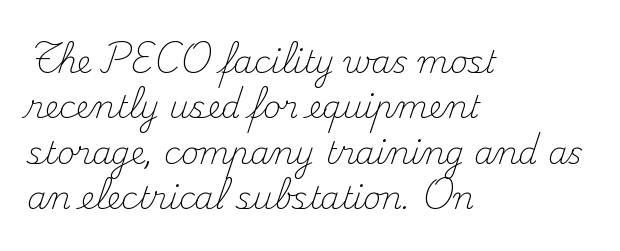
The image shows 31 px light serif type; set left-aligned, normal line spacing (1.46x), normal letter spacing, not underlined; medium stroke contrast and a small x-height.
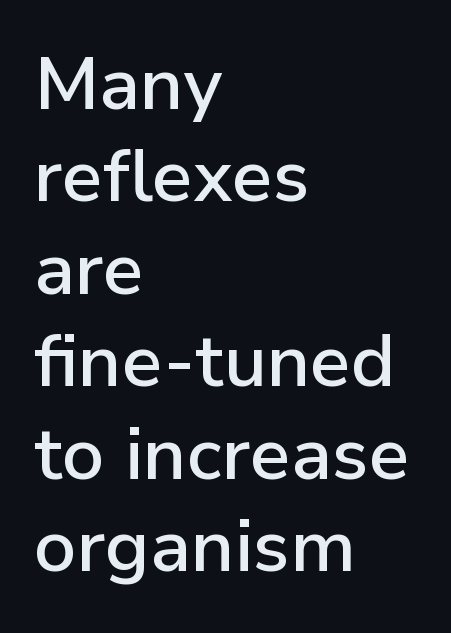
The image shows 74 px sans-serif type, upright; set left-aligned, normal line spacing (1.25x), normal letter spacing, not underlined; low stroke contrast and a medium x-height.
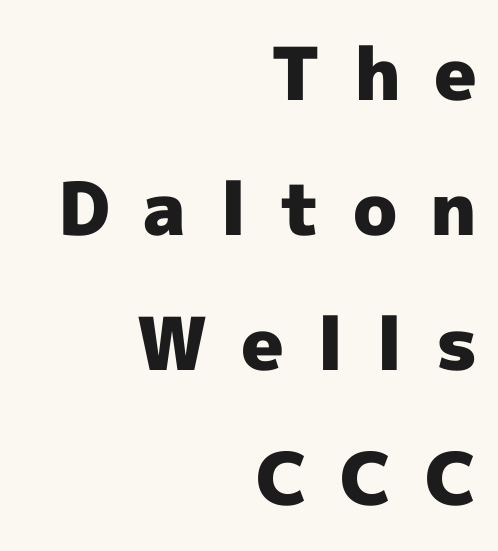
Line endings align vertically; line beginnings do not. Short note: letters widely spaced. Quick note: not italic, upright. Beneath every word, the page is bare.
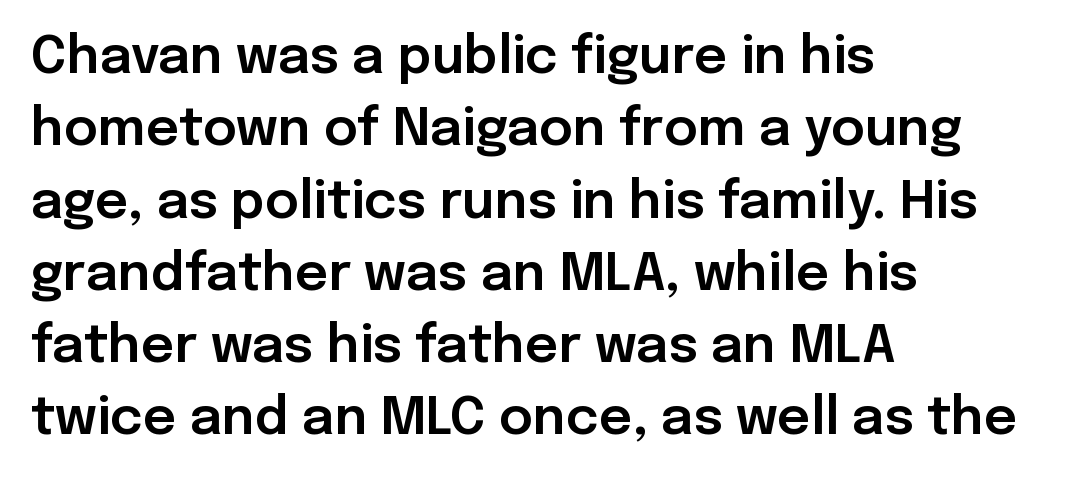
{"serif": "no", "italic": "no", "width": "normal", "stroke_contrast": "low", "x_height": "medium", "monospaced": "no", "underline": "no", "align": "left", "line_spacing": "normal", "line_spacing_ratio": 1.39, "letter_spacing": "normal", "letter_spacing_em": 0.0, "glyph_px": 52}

==

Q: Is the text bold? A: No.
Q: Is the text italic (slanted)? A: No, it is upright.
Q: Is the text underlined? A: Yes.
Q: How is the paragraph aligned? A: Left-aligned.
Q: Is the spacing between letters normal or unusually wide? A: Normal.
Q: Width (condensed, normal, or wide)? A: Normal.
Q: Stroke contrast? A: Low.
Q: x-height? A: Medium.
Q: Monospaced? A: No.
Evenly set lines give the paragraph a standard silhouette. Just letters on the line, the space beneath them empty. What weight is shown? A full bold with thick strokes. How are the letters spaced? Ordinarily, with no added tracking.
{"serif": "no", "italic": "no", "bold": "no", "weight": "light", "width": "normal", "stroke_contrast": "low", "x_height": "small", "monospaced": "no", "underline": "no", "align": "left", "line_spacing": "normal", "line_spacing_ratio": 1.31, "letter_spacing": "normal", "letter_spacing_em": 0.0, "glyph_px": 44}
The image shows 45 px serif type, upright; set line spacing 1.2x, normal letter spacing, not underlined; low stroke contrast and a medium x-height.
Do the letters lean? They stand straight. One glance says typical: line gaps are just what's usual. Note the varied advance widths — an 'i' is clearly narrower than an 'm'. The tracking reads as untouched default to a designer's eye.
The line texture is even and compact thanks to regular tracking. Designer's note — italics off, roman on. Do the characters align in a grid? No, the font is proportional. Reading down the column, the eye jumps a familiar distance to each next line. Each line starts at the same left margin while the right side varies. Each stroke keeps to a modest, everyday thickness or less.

...

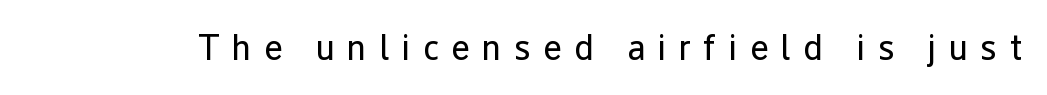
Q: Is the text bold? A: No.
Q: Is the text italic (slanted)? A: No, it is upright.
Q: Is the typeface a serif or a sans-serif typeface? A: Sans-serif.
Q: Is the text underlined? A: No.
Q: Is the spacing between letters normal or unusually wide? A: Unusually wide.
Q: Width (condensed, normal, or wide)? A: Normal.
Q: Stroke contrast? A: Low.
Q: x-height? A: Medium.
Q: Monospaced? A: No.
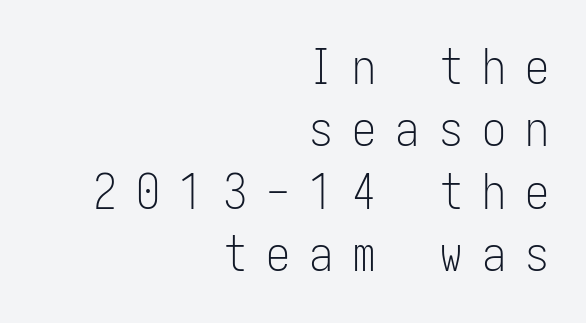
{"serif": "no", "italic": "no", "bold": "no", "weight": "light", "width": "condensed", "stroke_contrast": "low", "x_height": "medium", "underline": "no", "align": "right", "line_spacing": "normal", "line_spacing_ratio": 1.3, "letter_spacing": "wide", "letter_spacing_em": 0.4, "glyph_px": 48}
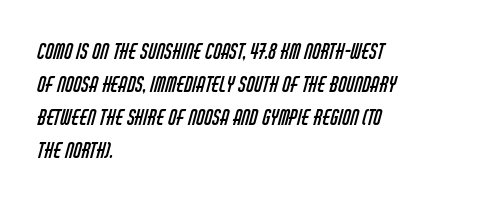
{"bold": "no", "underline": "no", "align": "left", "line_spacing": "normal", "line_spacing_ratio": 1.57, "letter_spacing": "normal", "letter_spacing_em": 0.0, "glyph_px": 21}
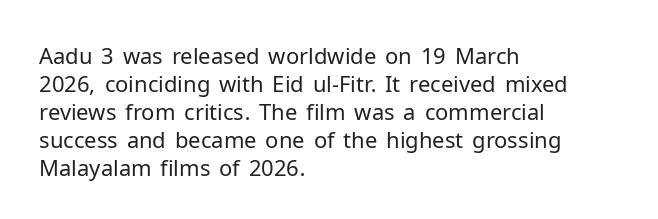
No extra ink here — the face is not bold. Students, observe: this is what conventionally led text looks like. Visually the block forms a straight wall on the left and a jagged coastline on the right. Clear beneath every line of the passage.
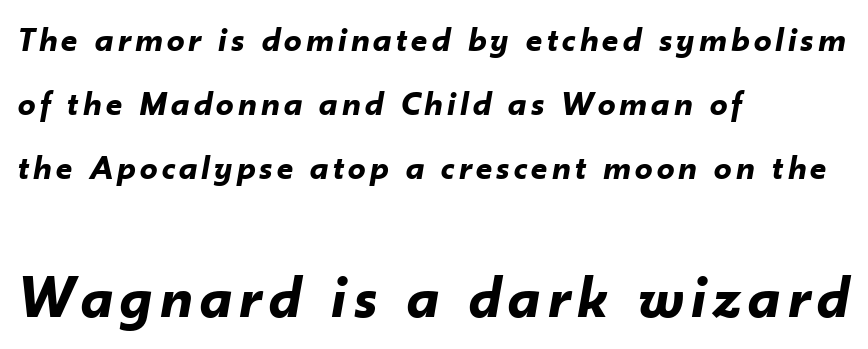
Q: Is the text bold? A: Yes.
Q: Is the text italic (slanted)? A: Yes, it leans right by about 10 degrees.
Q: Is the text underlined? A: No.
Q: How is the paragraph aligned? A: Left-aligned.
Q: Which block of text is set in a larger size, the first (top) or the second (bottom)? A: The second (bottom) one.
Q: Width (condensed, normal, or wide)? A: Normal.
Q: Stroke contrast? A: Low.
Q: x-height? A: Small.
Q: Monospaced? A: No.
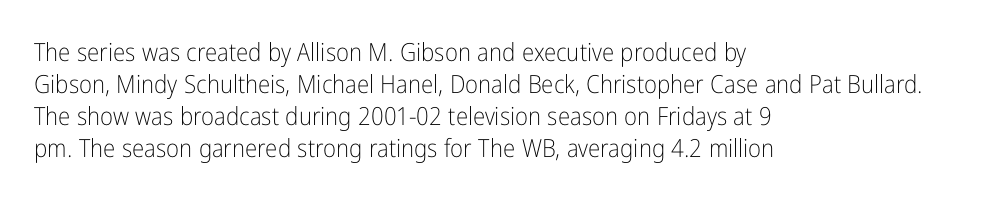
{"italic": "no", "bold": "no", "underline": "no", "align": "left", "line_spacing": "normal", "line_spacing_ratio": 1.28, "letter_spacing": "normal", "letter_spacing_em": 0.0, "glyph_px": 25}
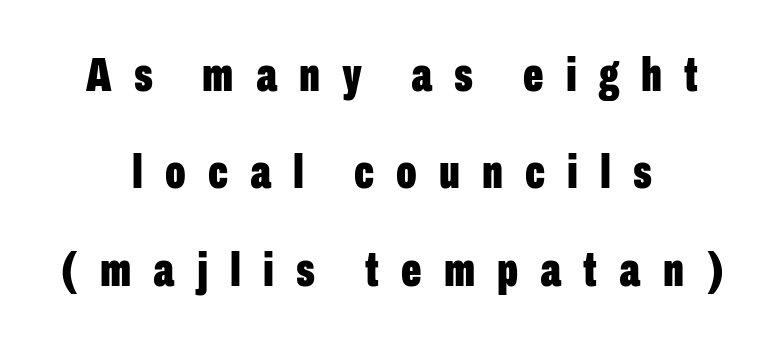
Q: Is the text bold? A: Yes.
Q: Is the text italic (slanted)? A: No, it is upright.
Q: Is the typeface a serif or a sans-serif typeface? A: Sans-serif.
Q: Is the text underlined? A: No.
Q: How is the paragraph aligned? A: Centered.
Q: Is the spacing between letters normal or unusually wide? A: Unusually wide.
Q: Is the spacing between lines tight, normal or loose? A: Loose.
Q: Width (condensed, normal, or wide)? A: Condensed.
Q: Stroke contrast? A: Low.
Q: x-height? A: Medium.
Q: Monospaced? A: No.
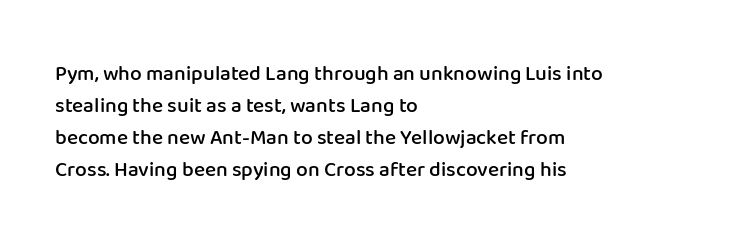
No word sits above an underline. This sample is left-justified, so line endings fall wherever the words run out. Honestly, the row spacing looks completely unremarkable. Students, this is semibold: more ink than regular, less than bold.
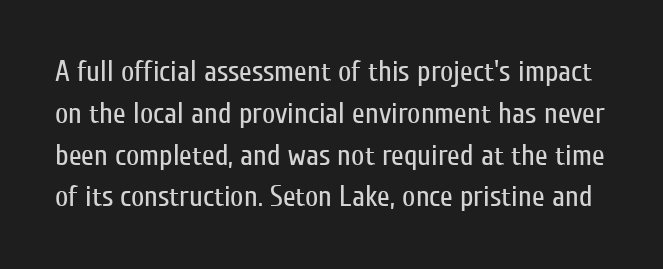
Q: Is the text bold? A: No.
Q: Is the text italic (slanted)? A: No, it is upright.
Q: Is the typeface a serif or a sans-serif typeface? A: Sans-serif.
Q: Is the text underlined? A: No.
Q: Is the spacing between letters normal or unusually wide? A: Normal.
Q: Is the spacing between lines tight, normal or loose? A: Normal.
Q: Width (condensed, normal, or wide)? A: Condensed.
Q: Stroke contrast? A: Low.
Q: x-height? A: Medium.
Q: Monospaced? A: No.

● **Task description**:
Give again, exactly as written above, each line from the one that has "The image shows 31" to the one that has "Line endings align", both included; omit the pictures.

● **Reply**:
The image shows 31 px light serif type; set left-aligned, normal line spacing (1.46x), normal letter spacing, not underlined; medium stroke contrast and a small x-height.
The image shows 74 px sans-serif type, upright; set left-aligned, normal line spacing (1.25x), normal letter spacing, not underlined; low stroke contrast and a medium x-height.
Line endings align vertically; line beginnings do not. Short note: letters widely spaced. Quick note: not italic, upright. Beneath every word, the page is bare.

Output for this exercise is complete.